■ PROBLEM TO SOLVE
From the listing that follows, report the number of lines with the word "down" in them, and no other output.
━━━ PROVIDED RECORDS ━━━
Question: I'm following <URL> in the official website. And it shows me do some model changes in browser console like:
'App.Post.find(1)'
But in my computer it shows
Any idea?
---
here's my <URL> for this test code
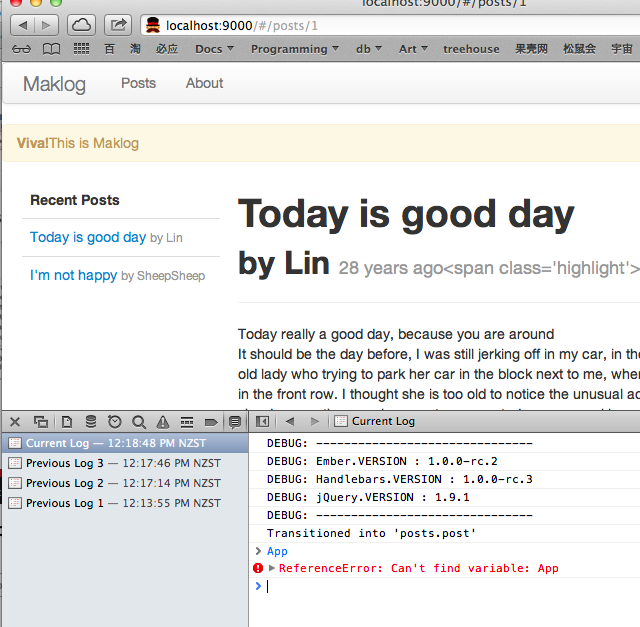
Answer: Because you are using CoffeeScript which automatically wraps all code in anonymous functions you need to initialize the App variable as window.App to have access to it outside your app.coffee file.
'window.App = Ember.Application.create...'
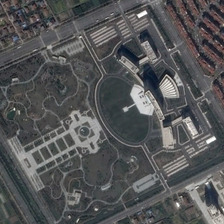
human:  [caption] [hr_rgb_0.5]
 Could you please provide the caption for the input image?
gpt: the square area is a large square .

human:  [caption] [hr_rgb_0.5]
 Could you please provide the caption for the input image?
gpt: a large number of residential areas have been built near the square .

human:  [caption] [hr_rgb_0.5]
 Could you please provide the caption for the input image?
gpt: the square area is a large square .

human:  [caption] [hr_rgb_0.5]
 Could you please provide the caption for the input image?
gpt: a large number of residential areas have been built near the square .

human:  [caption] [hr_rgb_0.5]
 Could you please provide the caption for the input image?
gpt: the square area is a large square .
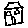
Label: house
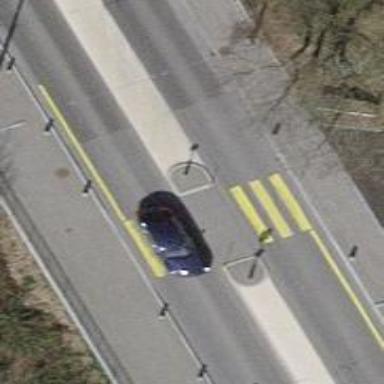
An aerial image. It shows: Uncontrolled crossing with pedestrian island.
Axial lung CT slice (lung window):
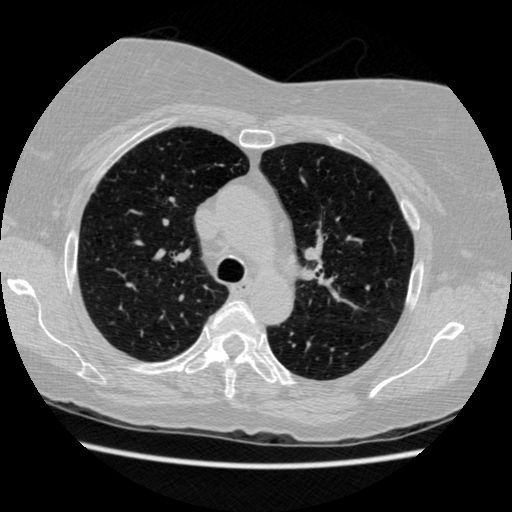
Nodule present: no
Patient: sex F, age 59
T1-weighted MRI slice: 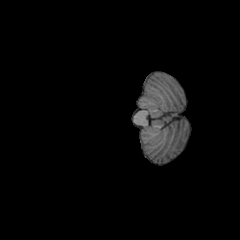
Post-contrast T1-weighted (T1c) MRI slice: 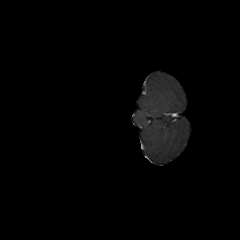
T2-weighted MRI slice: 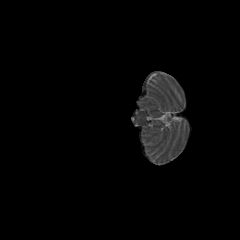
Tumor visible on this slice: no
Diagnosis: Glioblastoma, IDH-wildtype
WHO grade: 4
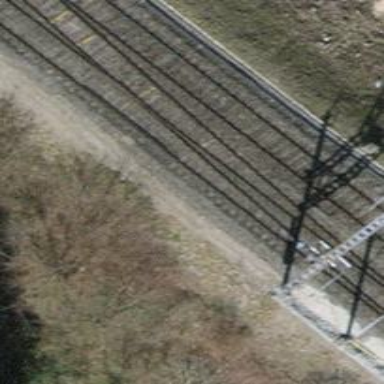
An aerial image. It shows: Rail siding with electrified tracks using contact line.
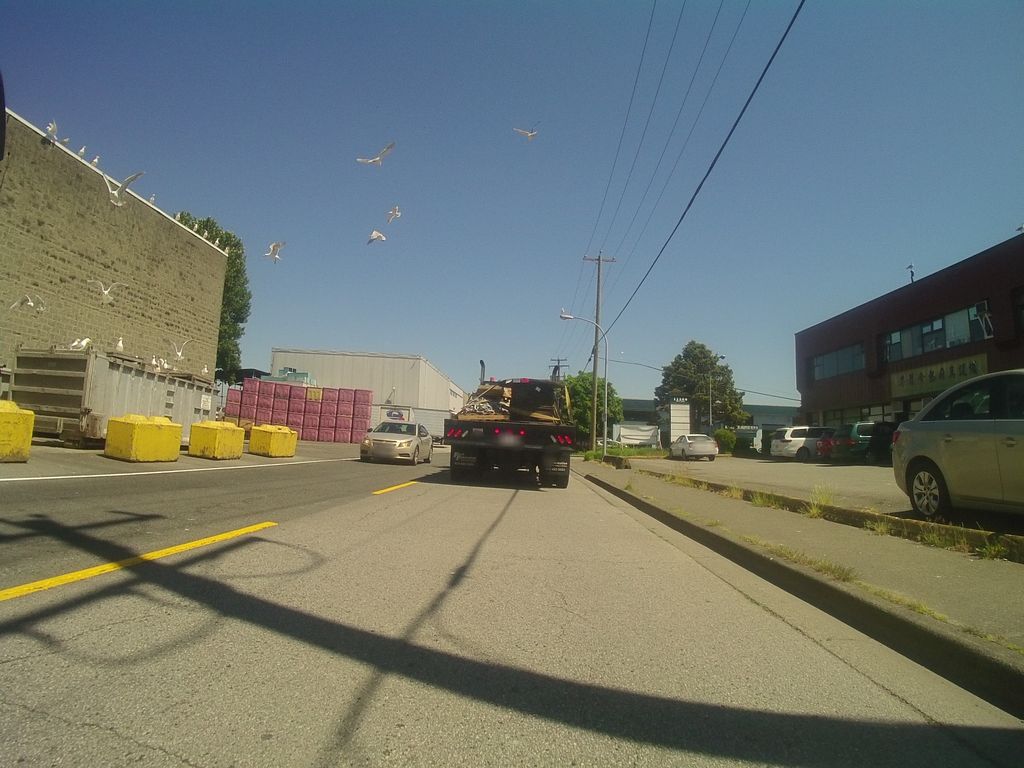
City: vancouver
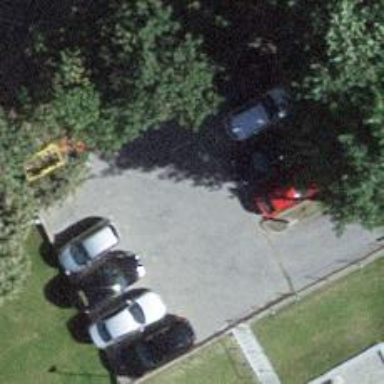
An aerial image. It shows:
━━━
━━━ PROVIDED RECORDS ━━━
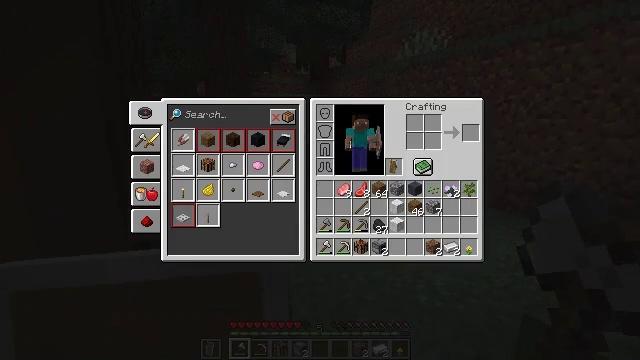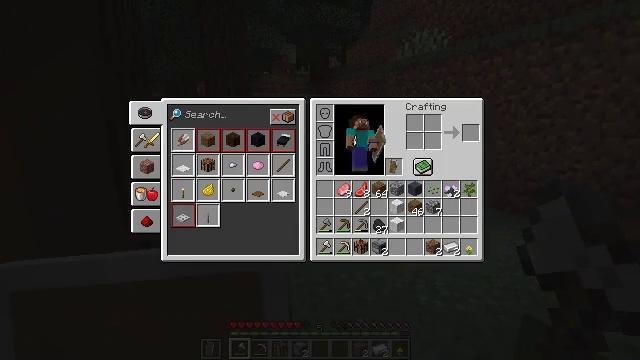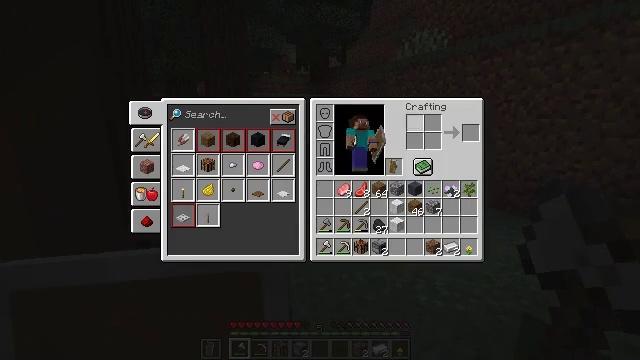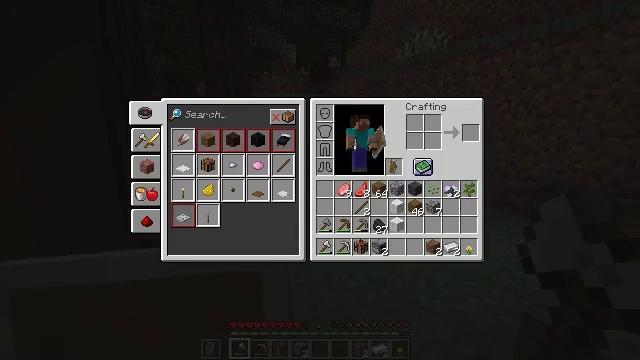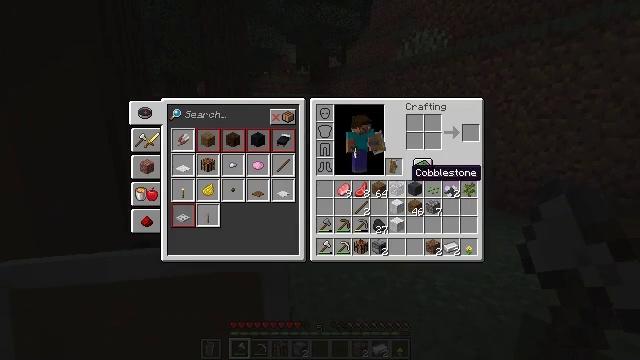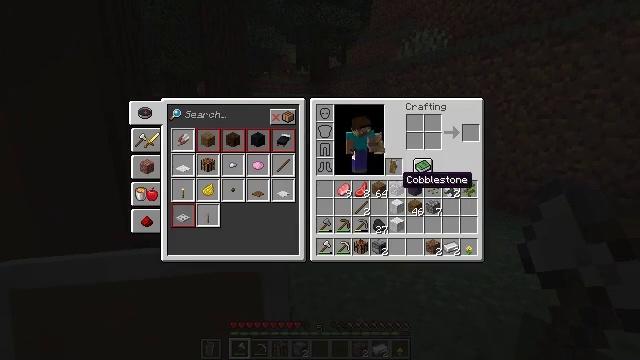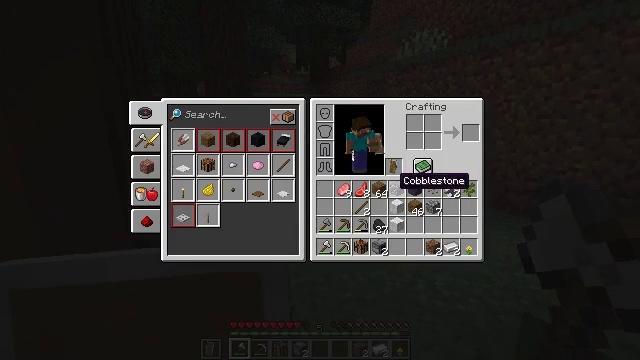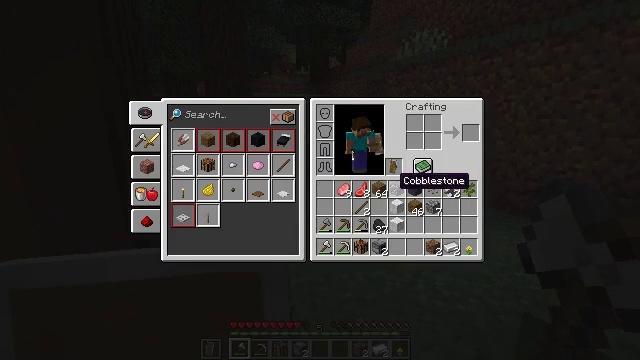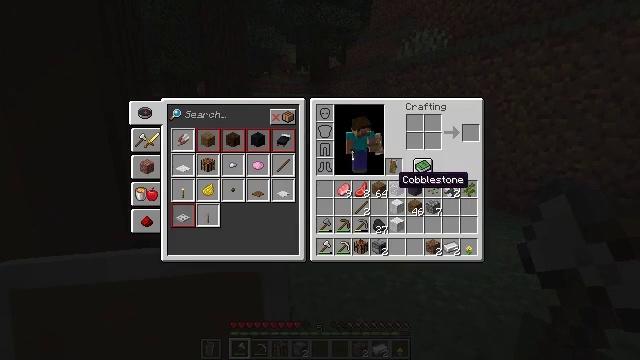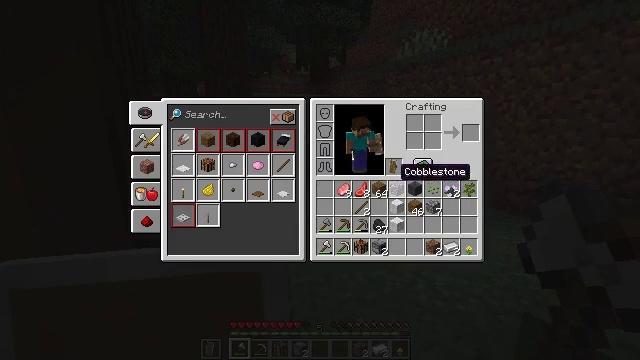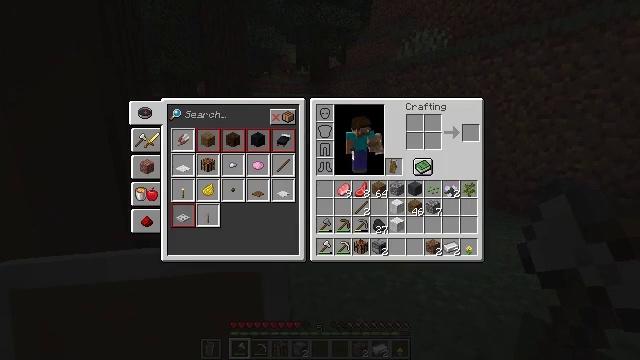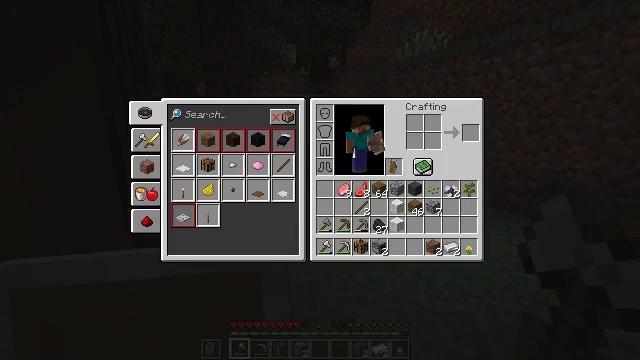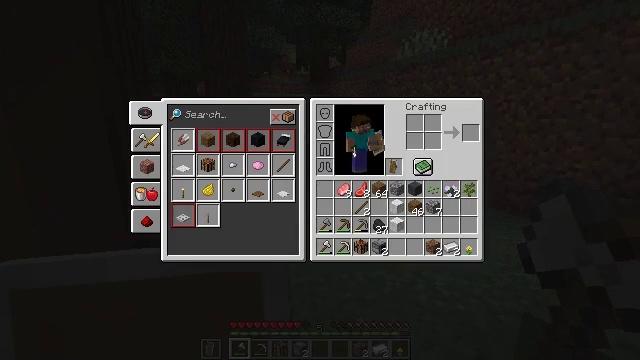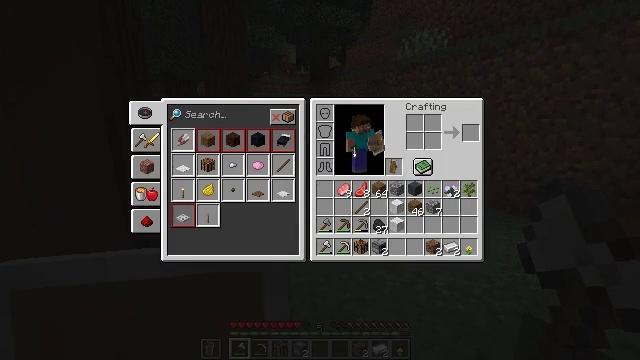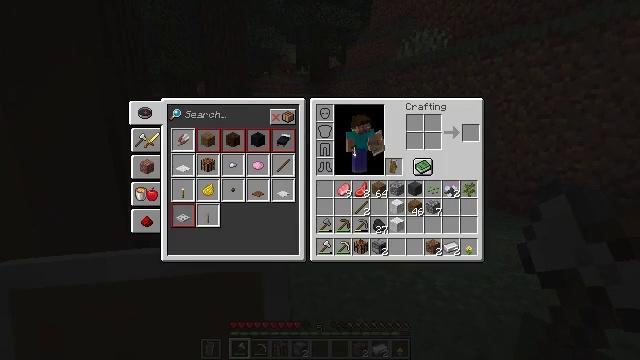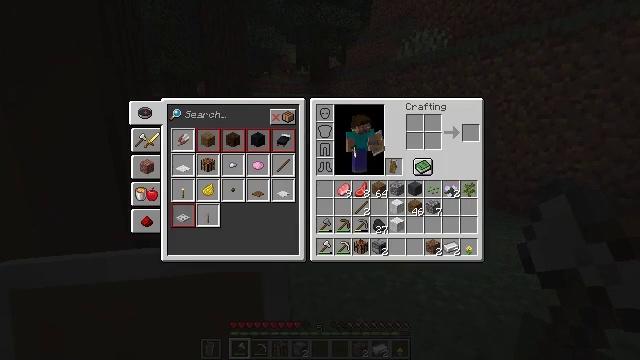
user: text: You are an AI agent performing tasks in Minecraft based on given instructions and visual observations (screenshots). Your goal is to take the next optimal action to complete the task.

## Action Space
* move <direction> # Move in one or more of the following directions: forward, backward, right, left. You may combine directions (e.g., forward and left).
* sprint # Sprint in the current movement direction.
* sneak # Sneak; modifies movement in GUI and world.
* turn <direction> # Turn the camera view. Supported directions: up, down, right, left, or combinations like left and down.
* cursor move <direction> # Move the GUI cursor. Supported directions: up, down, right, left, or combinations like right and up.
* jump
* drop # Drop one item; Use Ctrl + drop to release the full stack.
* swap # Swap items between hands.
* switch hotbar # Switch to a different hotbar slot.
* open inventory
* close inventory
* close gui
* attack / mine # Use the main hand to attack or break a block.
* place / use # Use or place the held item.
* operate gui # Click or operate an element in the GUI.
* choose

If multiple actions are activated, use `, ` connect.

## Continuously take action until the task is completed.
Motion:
━━━
■ EXERCISE ANSWER
2